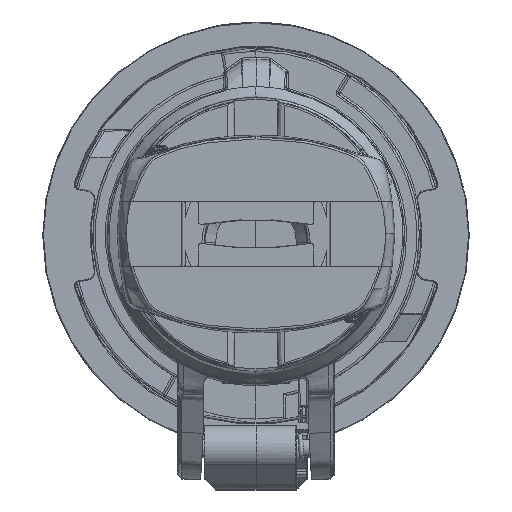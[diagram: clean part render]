
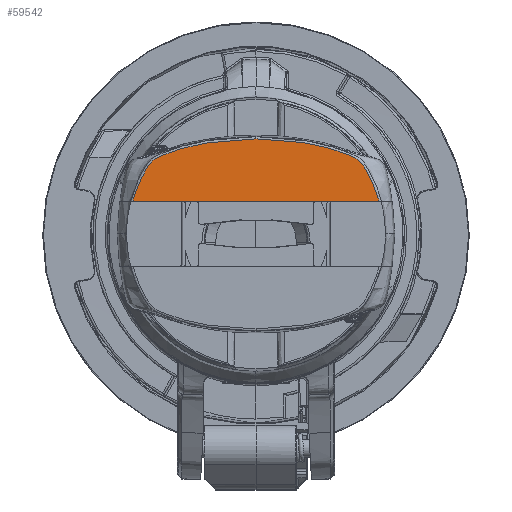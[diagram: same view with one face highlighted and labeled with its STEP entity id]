
A CAD part, top view. The second image highlights one B-rep face of the part: STEP entity #59542.
In plain terms, the highlighted planar face has unit normal (0, 0.009, 1).
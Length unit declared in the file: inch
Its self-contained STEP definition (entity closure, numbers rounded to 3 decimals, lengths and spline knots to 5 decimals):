
#3979 = CARTESIAN_POINT ( 'NONE',  ( -0.60077, 0.75434, 5.4624 ) ) ;
#6025 = DIRECTION ( 'NONE',  ( 0., 0.009, 1. ) ) ;
#8845 = VECTOR ( 'NONE', #84307, 39.37008 ) ;
#12052 = CARTESIAN_POINT ( 'NONE',  ( -1.06883, 0.285, 5.46649 ) ) ;
#12703 = CARTESIAN_POINT ( 'NONE',  ( -1.06883, 0.285, 5.46649 ) ) ;
#13148 = CARTESIAN_POINT ( 'NONE',  ( -1.03678, 0.38999, 5.46557 ) ) ;
#13585 = CARTESIAN_POINT ( 'NONE',  ( -0.95347, 0.56247, 5.46407 ) ) ;
#14031 = CARTESIAN_POINT ( 'NONE',  ( 1.00331, 0.4674, 5.4649 ) ) ;
#15790 = CARTESIAN_POINT ( 'NONE',  ( 1.06883, 0.285, 5.46649 ) ) ;
#16240 = CARTESIAN_POINT ( 'NONE',  ( 0.86821, 0.65671, 5.46325 ) ) ;
#17462 = CARTESIAN_POINT ( 'NONE',  ( 0., 0.285, 5.46649 ) ) ;
#17571 = CARTESIAN_POINT ( 'NONE',  ( 0.90128, 0.63072, 5.46347 ) ) ;
#18035 = CARTESIAN_POINT ( 'NONE',  ( 0.91993, 0.61046, 5.46365 ) ) ;
#20269 = B_SPLINE_CURVE_WITH_KNOTS ( 'NONE', 3,
 ( #15790, #108308, #120556, #14031, #97778, #45623, #118774, #56134, #129322, #101375, #18035, #38668, #17571, #69856, #91304, #16240, #111857, #68957, #131568, #100035, #47856, #79013, #112296, #48755, #110947, #80361, #49661, #89934, #132473, #89472 ),
 .UNSPECIFIED., .F., .F.,
 ( 4, 2, 2, 2, 2, 2, 2, 2, 2, 2, 2, 2, 2, 2, 4 ),
 ( 0., 0.00423, 0.00634, 0.0074, 0.00845, 0.00951, 0.01004, 0.01057, 0.01162, 0.01268, 0.01479, 0.01691, 0.02113, 0.02536, 0.03381 ),
 .UNSPECIFIED. ) ;
#22728 = CARTESIAN_POINT ( 'NONE',  ( -0.22039, 0.8188, 5.46183 ) ) ;
#28975 = VERTEX_POINT ( 'NONE', #49230 ) ;
#33741 = CARTESIAN_POINT ( 'NONE',  ( -0.83519, 0.67286, 5.46311 ) ) ;
#34648 = CARTESIAN_POINT ( 'NONE',  ( -0.43904, 0.7892, 5.46209 ) ) ;
#38562 = ORIENTED_EDGE ( 'NONE', *, *, #112960, .F. ) ;
#38668 = CARTESIAN_POINT ( 'NONE',  ( 0.90612, 0.62579, 5.46352 ) ) ;
#40401 = ORIENTED_EDGE ( 'NONE', *, *, #81637, .T. ) ;
#43855 = CARTESIAN_POINT ( 'NONE',  ( -0.82242, 0.67807, 5.46306 ) ) ;
#44544 = EDGE_CURVE ( 'NONE', #59805, #125600, #113851, .T. ) ;
#45197 = CARTESIAN_POINT ( 'NONE',  ( -0.8942, 0.63784, 5.46341 ) ) ;
#45623 = CARTESIAN_POINT ( 'NONE',  ( 0.97196, 0.52914, 5.46436 ) ) ;
#47856 = CARTESIAN_POINT ( 'NONE',  ( 0.75491, 0.70508, 5.46283 ) ) ;
#48755 = CARTESIAN_POINT ( 'NONE',  ( 0.59799, 0.75505, 5.46239 ) ) ;
#49230 = CARTESIAN_POINT ( 'NONE',  ( -0.52058, 0.285, 5.46649 ) ) ;
#49661 = CARTESIAN_POINT ( 'NONE',  ( 0.38264, 0.79827, 5.46201 ) ) ;
#54351 = CARTESIAN_POINT ( 'NONE',  ( -0.93049, 0.59639, 5.46377 ) ) ;
#55017 = CARTESIAN_POINT ( 'NONE',  ( 0., 0.82536, 5.46178 ) ) ;
#56134 = CARTESIAN_POINT ( 'NONE',  ( 0.95116, 0.56515, 5.46405 ) ) ;
#59542 = ADVANCED_FACE ( 'NONE', ( #78552 ), #90213, .T. ) ;
#59636 = DIRECTION ( 'NONE',  ( -1., 0., 0. ) ) ;
#59697 = VERTEX_POINT ( 'NONE', #55017 ) ;
#59805 = VERTEX_POINT ( 'NONE', #131338 ) ;
#64594 = LINE ( 'NONE', #95251, #8845 ) ;
#66256 = CARTESIAN_POINT ( 'NONE',  ( -0.38443, 0.798, 5.46201 ) ) ;
#67860 = DIRECTION ( 'NONE',  ( 0., -1., 0.009 ) ) ;
#68957 = CARTESIAN_POINT ( 'NONE',  ( 0.83114, 0.67456, 5.46309 ) ) ;
#69856 = CARTESIAN_POINT ( 'NONE',  ( 0.89097, 0.64008, 5.46339 ) ) ;
#75441 = CARTESIAN_POINT ( 'NONE',  ( -0.96696, 0.53874, 5.46428 ) ) ;
#75896 = CARTESIAN_POINT ( 'NONE',  ( -1.00419, 0.46549, 5.46492 ) ) ;
#76240 = VECTOR ( 'NONE', #93617, 39.37008 ) ;
#78552 = FACE_OUTER_BOUND ( 'NONE', #82626, .T. ) ;
#79013 = CARTESIAN_POINT ( 'NONE',  ( 0.70326, 0.72336, 5.46267 ) ) ;
#79707 = ORIENTED_EDGE ( 'NONE', *, *, #44544, .F. ) ;
#79821 = ORIENTED_EDGE ( 'NONE', *, *, #106872, .T. ) ;
#80361 = CARTESIAN_POINT ( 'NONE',  ( 0.437, 0.78954, 5.46209 ) ) ;
#81637 = EDGE_CURVE ( 'NONE', #28975, #125600, #64594, .T. ) ;
#82626 = EDGE_LOOP ( 'NONE', ( #79707, #79821, #99518, #38562, #40401 ) ) ;
#84307 = DIRECTION ( 'NONE',  ( 1., 0., 0. ) ) ;
#86820 = CARTESIAN_POINT ( 'NONE',  ( -0.86018, 0.66099, 5.46321 ) ) ;
#87073 = VECTOR ( 'NONE', #59636, 39.37008 ) ;
#87255 = CARTESIAN_POINT ( 'NONE',  ( -0.11045, 0.82536, 5.46178 ) ) ;
#88263 = VERTEX_POINT ( 'NONE', #12052 ) ;
#89472 = CARTESIAN_POINT ( 'NONE',  ( 0., 0.82536, 5.46178 ) ) ;
#89934 = CARTESIAN_POINT ( 'NONE',  ( 0.21934, 0.81886, 5.46183 ) ) ;
#90041 = B_SPLINE_CURVE_WITH_KNOTS ( 'NONE', 3,
 ( #97793, #87255, #22728, #66256, #34648, #117889, #3979, #118790, #118337, #129334, #95970, #43855, #33741, #86820, #128886, #45197, #106539, #116984, #54351, #13585, #75441, #107415, #75896, #13148, #127542, #12703 ),
 .UNSPECIFIED., .F., .F.,
 ( 4, 2, 2, 2, 2, 2, 2, 2, 2, 2, 2, 2, 4 ),
 ( 0., 0.00839, 0.01259, 0.01678, 0.01888, 0.02098, 0.02203, 0.02307, 0.02412, 0.02517, 0.02727, 0.02937, 0.03356 ),
 .UNSPECIFIED. ) ;
#90213 = PLANE ( 'NONE',  #127808 ) ;
#91304 = CARTESIAN_POINT ( 'NONE',  ( 0.88543, 0.64454, 5.46335 ) ) ;
#93617 = DIRECTION ( 'NONE',  ( -1., 0., 0. ) ) ;
#95251 = CARTESIAN_POINT ( 'NONE',  ( 0., 0.285, 5.46649 ) ) ;
#95970 = CARTESIAN_POINT ( 'NONE',  ( -0.78411, 0.69367, 5.46292 ) ) ;
#97778 = CARTESIAN_POINT ( 'NONE',  ( 0.99136, 0.49239, 5.46468 ) ) ;
#97793 = CARTESIAN_POINT ( 'NONE',  ( 0., 0.82536, 5.46178 ) ) ;
#99396 = CARTESIAN_POINT ( 'NONE',  ( 0., 0.285, 5.46649 ) ) ;
#99518 = ORIENTED_EDGE ( 'NONE', *, *, #131861, .T. ) ;
#99782 = CARTESIAN_POINT ( 'NONE',  ( 0.52058, 0.285, 5.46649 ) ) ;
#100035 = CARTESIAN_POINT ( 'NONE',  ( 0.78041, 0.69514, 5.46291 ) ) ;
#101375 = CARTESIAN_POINT ( 'NONE',  ( 0.92822, 0.59951, 5.46375 ) ) ;
#106539 = CARTESIAN_POINT ( 'NONE',  ( -0.90417, 0.62824, 5.4635 ) ) ;
#106872 = EDGE_CURVE ( 'NONE', #59805, #59697, #20269, .T. ) ;
#107415 = CARTESIAN_POINT ( 'NONE',  ( -0.99238, 0.49029, 5.4647 ) ) ;
#108308 = CARTESIAN_POINT ( 'NONE',  ( 1.05461, 0.33862, 5.46602 ) ) ;
#110947 = CARTESIAN_POINT ( 'NONE',  ( 0.54463, 0.76793, 5.46228 ) ) ;
#111857 = CARTESIAN_POINT ( 'NONE',  ( 0.85603, 0.66312, 5.46319 ) ) ;
#112296 = CARTESIAN_POINT ( 'NONE',  ( 0.67714, 0.73177, 5.46259 ) ) ;
#112960 = EDGE_CURVE ( 'NONE', #28975, #88263, #132879, .T. ) ;
#113222 = CARTESIAN_POINT ( 'NONE',  ( 0., 0.285, 5.46649 ) ) ;
#113851 = LINE ( 'NONE', #113222, #76240 ) ;
#116984 = CARTESIAN_POINT ( 'NONE',  ( -0.92235, 0.6074, 5.46368 ) ) ;
#117889 = CARTESIAN_POINT ( 'NONE',  ( -0.54718, 0.76736, 5.46228 ) ) ;
#118337 = CARTESIAN_POINT ( 'NONE',  ( -0.70651, 0.72228, 5.46267 ) ) ;
#118774 = CARTESIAN_POINT ( 'NONE',  ( 0.96523, 0.54128, 5.46425 ) ) ;
#118790 = CARTESIAN_POINT ( 'NONE',  ( -0.68025, 0.73079, 5.4626 ) ) ;
#120556 = CARTESIAN_POINT ( 'NONE',  ( 1.03641, 0.39107, 5.46557 ) ) ;
#125600 = VERTEX_POINT ( 'NONE', #99782 ) ;
#127542 = CARTESIAN_POINT ( 'NONE',  ( -1.05477, 0.33804, 5.46603 ) ) ;
#127808 = AXIS2_PLACEMENT_3D ( 'NONE', #99396, #6025, #67860 ) ;
#128886 = CARTESIAN_POINT ( 'NONE',  ( -0.87229, 0.65419, 5.46327 ) ) ;
#129322 = CARTESIAN_POINT ( 'NONE',  ( 0.94384, 0.57686, 5.46394 ) ) ;
#129334 = CARTESIAN_POINT ( 'NONE',  ( -0.75845, 0.70375, 5.46284 ) ) ;
#131338 = CARTESIAN_POINT ( 'NONE',  ( 1.06883, 0.285, 5.46649 ) ) ;
#131568 = CARTESIAN_POINT ( 'NONE',  ( 0.81845, 0.6797, 5.46305 ) ) ;
#131861 = EDGE_CURVE ( 'NONE', #59697, #88263, #90041, .T. ) ;
#132473 = CARTESIAN_POINT ( 'NONE',  ( 0.10992, 0.82536, 5.46178 ) ) ;
#132879 = LINE ( 'NONE', #17462, #87073 ) ;

+++

Work request. From the material above, set down exactly the lines starting at the one with "Its self-contained STEP" and ending at the one with "#18035 = CARTESIAN_POINT", end lines included.

Answer to this task.
Its self-contained STEP definition (entity closure, numbers rounded to 3 decimals, lengths and spline knots to 5 decimals):
#3979 = CARTESIAN_POINT ( 'NONE',  ( -0.60077, 0.75434, 5.4624 ) ) ;
#6025 = DIRECTION ( 'NONE',  ( 0., 0.009, 1. ) ) ;
#8845 = VECTOR ( 'NONE', #84307, 39.37008 ) ;
#12052 = CARTESIAN_POINT ( 'NONE',  ( -1.06883, 0.285, 5.46649 ) ) ;
#12703 = CARTESIAN_POINT ( 'NONE',  ( -1.06883, 0.285, 5.46649 ) ) ;
#13148 = CARTESIAN_POINT ( 'NONE',  ( -1.03678, 0.38999, 5.46557 ) ) ;
#13585 = CARTESIAN_POINT ( 'NONE',  ( -0.95347, 0.56247, 5.46407 ) ) ;
#14031 = CARTESIAN_POINT ( 'NONE',  ( 1.00331, 0.4674, 5.4649 ) ) ;
#15790 = CARTESIAN_POINT ( 'NONE',  ( 1.06883, 0.285, 5.46649 ) ) ;
#16240 = CARTESIAN_POINT ( 'NONE',  ( 0.86821, 0.65671, 5.46325 ) ) ;
#17462 = CARTESIAN_POINT ( 'NONE',  ( 0., 0.285, 5.46649 ) ) ;
#17571 = CARTESIAN_POINT ( 'NONE',  ( 0.90128, 0.63072, 5.46347 ) ) ;
#18035 = CARTESIAN_POINT ( 'NONE',  ( 0.91993, 0.61046, 5.46365 ) ) ;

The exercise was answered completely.